The retina is a layer of tissue in the back of your eye that senses light and sends images to your brain. In the center of this nerve tissue is the macula. It provides the sharp, central vision needed for reading, driving and seeing fine detail. Retinal problems affect this vital tissue. They can affect your vision, and some can be serious enough to cause blindness. Examples are
• Macular degeneration - a disease that destroys your sharp, central vision
• Diabetic eye disease
• Retinal detachment - a medical emergency, when the retina is pulled away from the back of the eye
• Retinoblastoma - cancer of the retina. It is most common in young children.
• Macular pucker - scar tissue on the macula
• Macular hole - a small break in the macula that usually happens to people over 60
• Floaters - cobwebs or specks in your field of vision
HOW IS RETINAL PROBLEMS DIAGNOSED?
The doctor may use the following tests, instruments and procedures to diagnose retinal detachment:
• Retinal examination. The doctor may use an instrument with a bright light and a special lens (ophthalmoscope) to examine the back of the eye, including the retina. The ophthalmoscope provides a highly detailed view, allowing the doctor to see any retinal holes, tears or detachments.

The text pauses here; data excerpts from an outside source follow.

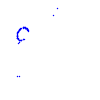
Particle: proton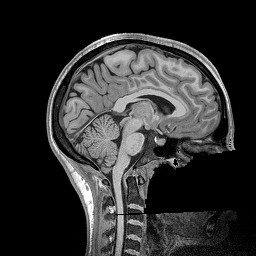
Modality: T1w
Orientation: sagittal
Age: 23
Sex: female

• Ultrasound imaging. The doctor may use this test if bleeding has occurred in the eye, making it difficult to see the retina.

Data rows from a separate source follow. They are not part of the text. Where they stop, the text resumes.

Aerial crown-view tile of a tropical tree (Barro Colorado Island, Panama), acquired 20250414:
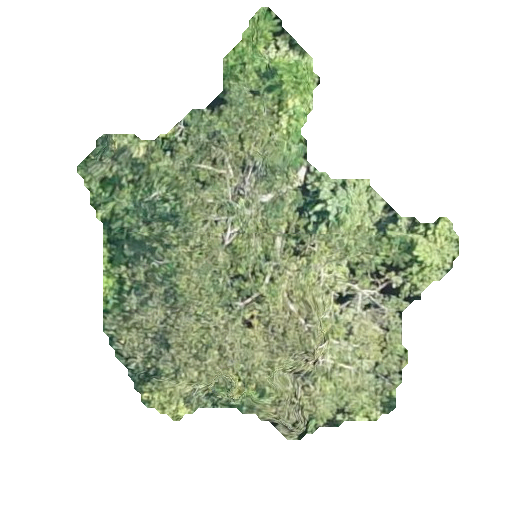
Species: Zanthoxylum ekmanii
GBIF accepted scientific name: Zanthoxylum ekmanii
Crown area: 135.992 m²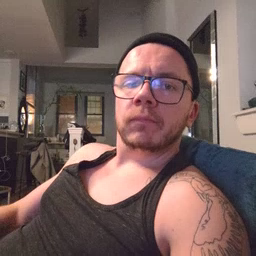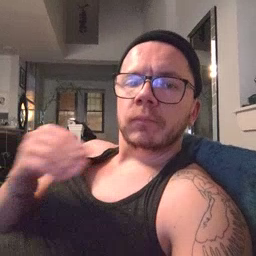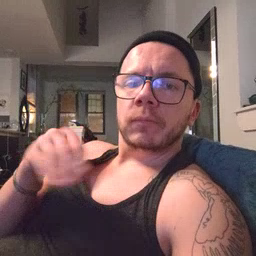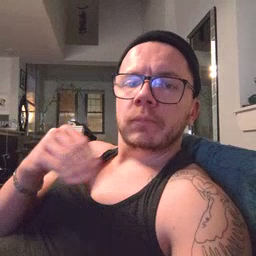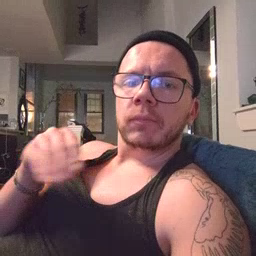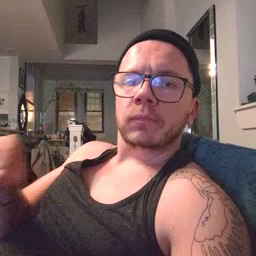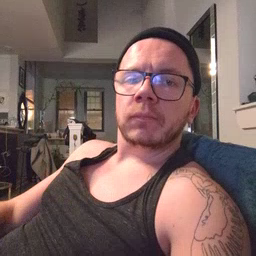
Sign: store

HOW IS RETINAL PROBLEMS TREATED?
Surgery is the most common treatment for retinal problems.Focal laser photocoagulation can repair a retinal tear or hole. Scatter laser photocoagulation is used to shrink abnormal new blood vessels which are bleeding or threatening to bleed into the vitreous.Cryopexy in which a freezing probe to the external wall of the eye to treat a retinal tear.
DID YOU KNOW?
Genetically dominant eye diseases are gain-of-function mutations and cannot be corrected by adding a corrective gene. The defective gene first must be inactivated. Progress has been made in this arena by using a mutation-specific, ribozyme-based therapeutic strategy with longstanding rescue in two different lines of transgenic rats, each with its own rhodopsin mutation. Two classes, hammerhead and hairpin ribozymes, were found to be effective.